(Dataset entries)
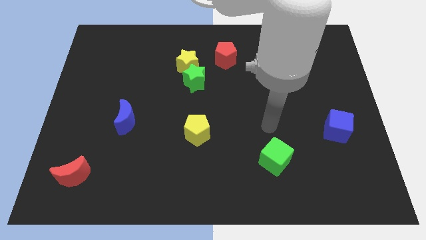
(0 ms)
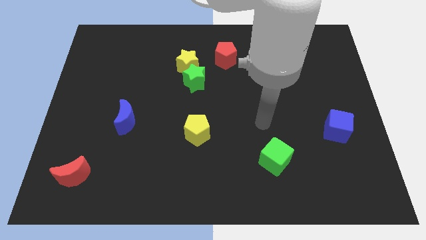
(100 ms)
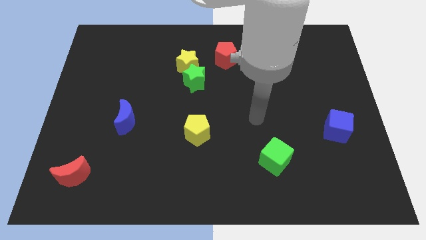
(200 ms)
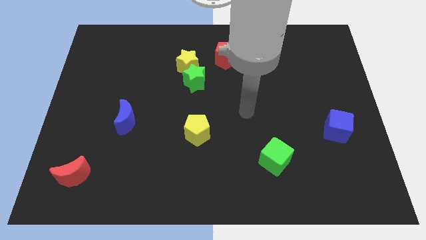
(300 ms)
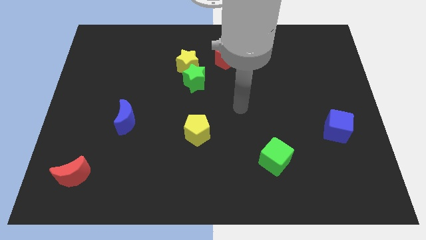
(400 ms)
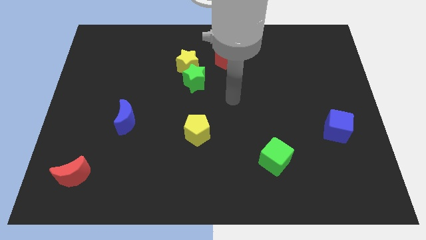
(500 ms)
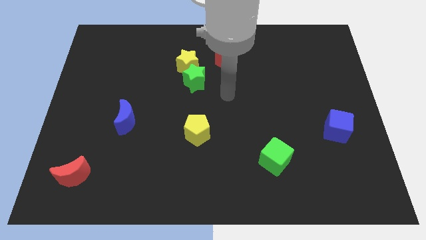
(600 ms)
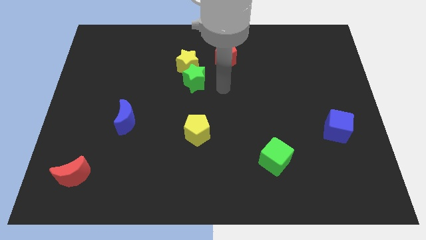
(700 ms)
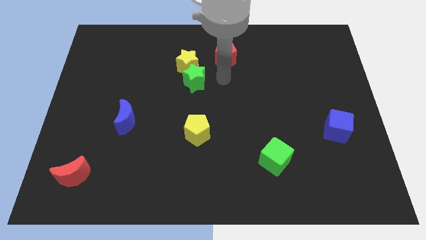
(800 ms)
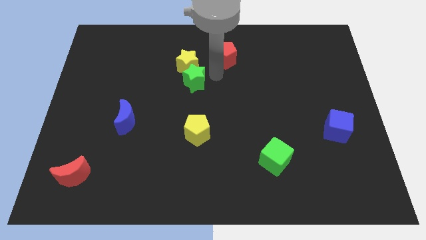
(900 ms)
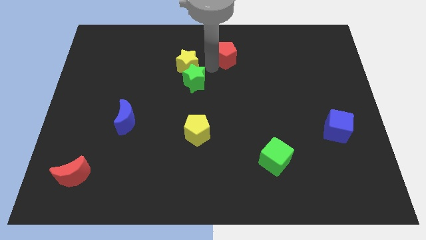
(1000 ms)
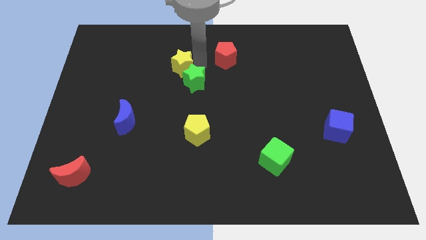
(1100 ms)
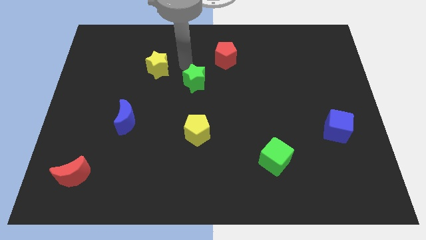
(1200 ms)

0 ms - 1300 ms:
pull the green star apart from the yellow star

Your goal
Could you transcribe the records above exactly, leaving every picture out?

Finished task
(0 ms)
(100 ms)
(200 ms)
(300 ms)
(400 ms)
(500 ms)
(600 ms)
(700 ms)
(800 ms)
(900 ms)
(1000 ms)
(1100 ms)
(1200 ms)

0 ms - 1300 ms:
pull the green star apart from the yellow star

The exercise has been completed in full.